To fit the model, first we complied the model with the loss named binary cross entropy and the metrics we considered are accuracy, precision, recall and F1 score. Optimizer used here is the Adam. The batch generator function is defined initially to make use in fitting the model to 100 epochs with 1000 steps per epoch The batch size considered here is 32. The annealer used here is the learning rate scheduler. The model is fitted by using all those parameters as shown in Table 3.

3.4.4 Saving the Model

The model is saved, and it is used to plot the graph to check the accuracy and validation accuracy.

3.5 Result and Observation

The model is plotted with respect to the training accuracy and validation accuracy. Then the model is tested with test data to observe the classification of the heart sounds into four categories as normal, murmur, extrasystole and artifact. The model showed 79% accuracy in validation and accuracy of 85% as shown in Fig. 2. The comparison of other existing methods was shown in Table 4.

Fig. 2
figure 2

Accuracy versus validation accuracy

The performance of the model was analyzed using confusion matrix plot and achieved better classification accuracies for the multiple class (artifact, murmur, normal, extrasystole) classification problem as shown in Fig. 3.

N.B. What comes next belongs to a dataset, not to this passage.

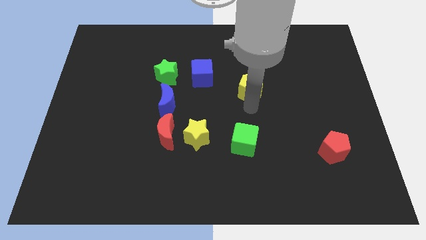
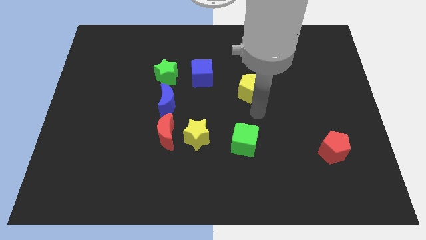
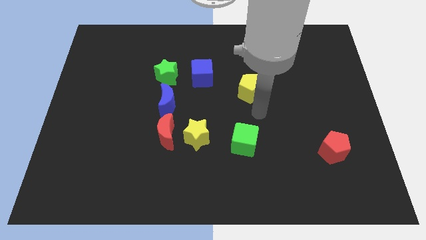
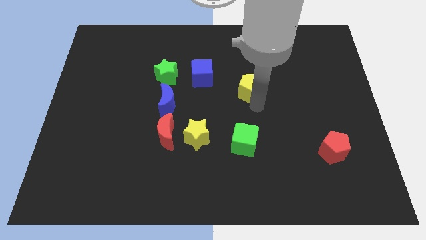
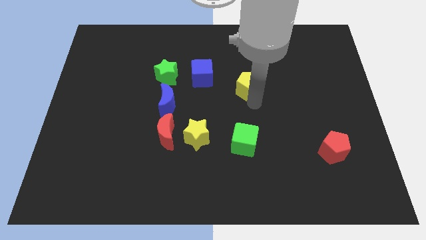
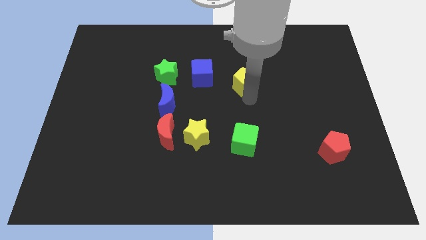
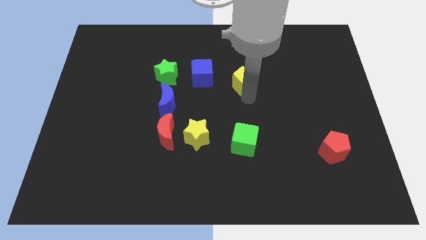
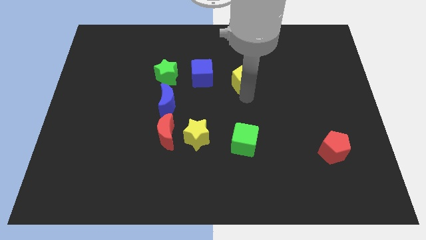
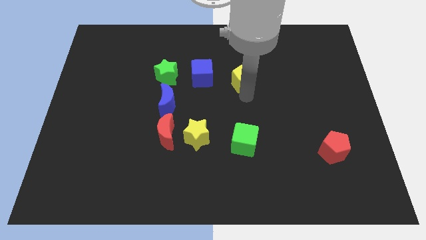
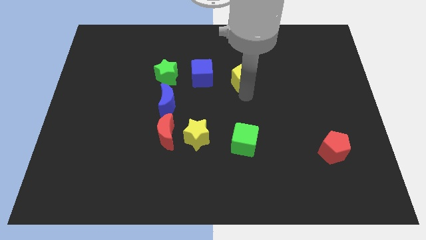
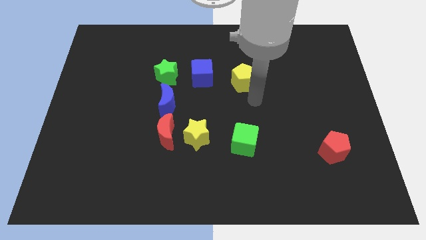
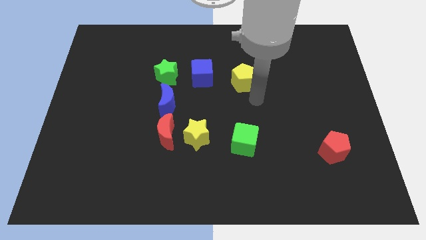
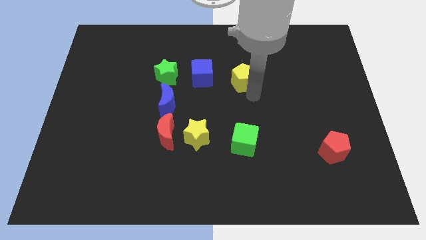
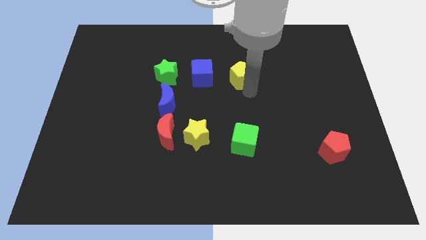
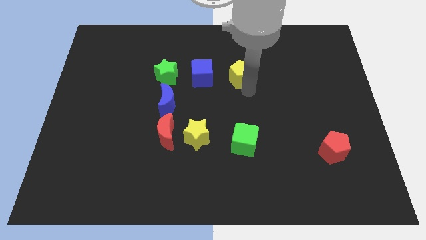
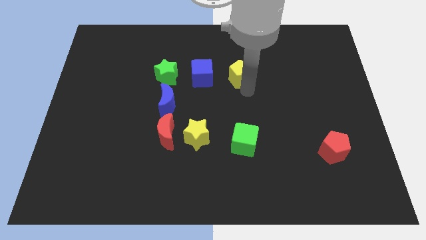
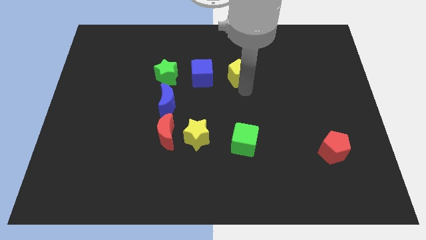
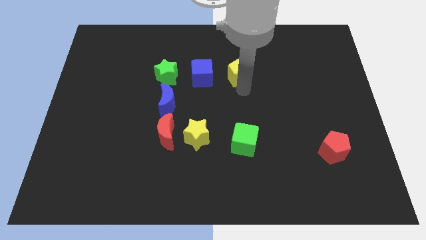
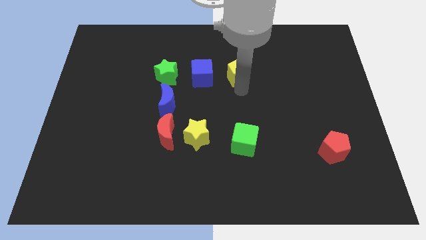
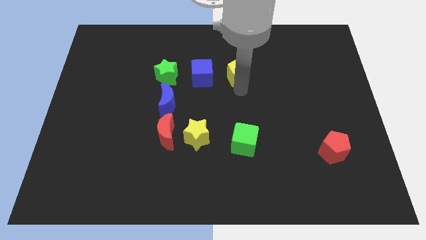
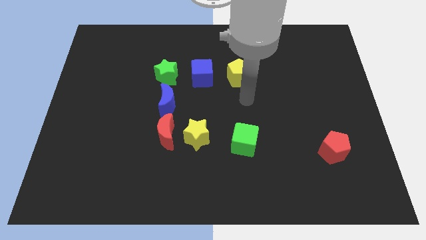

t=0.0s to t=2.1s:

Table 4 Performance metrices
Fig. 3
figure 3

Confusion matrix

3.6 Conclusion

The phonocardiogram signals (heart sounds) play a major role in the detection of cardiac abnormalities that have undergone some preprocessing techniques like the normalization of audio waves and Kaiser fast technique to load the librosa to the wave file. Then the preprocessed Heart sound files have been loaded separately and it is gone for the CNN model building and the model is saved, got an accuracy of 84% and validation accuracy of 79% and got the results in an effective way. The proposed work gave good results with CNN model by doing simple preprocessing techniques which will be helpful for the detection of cardiac abnormalities at an early stage.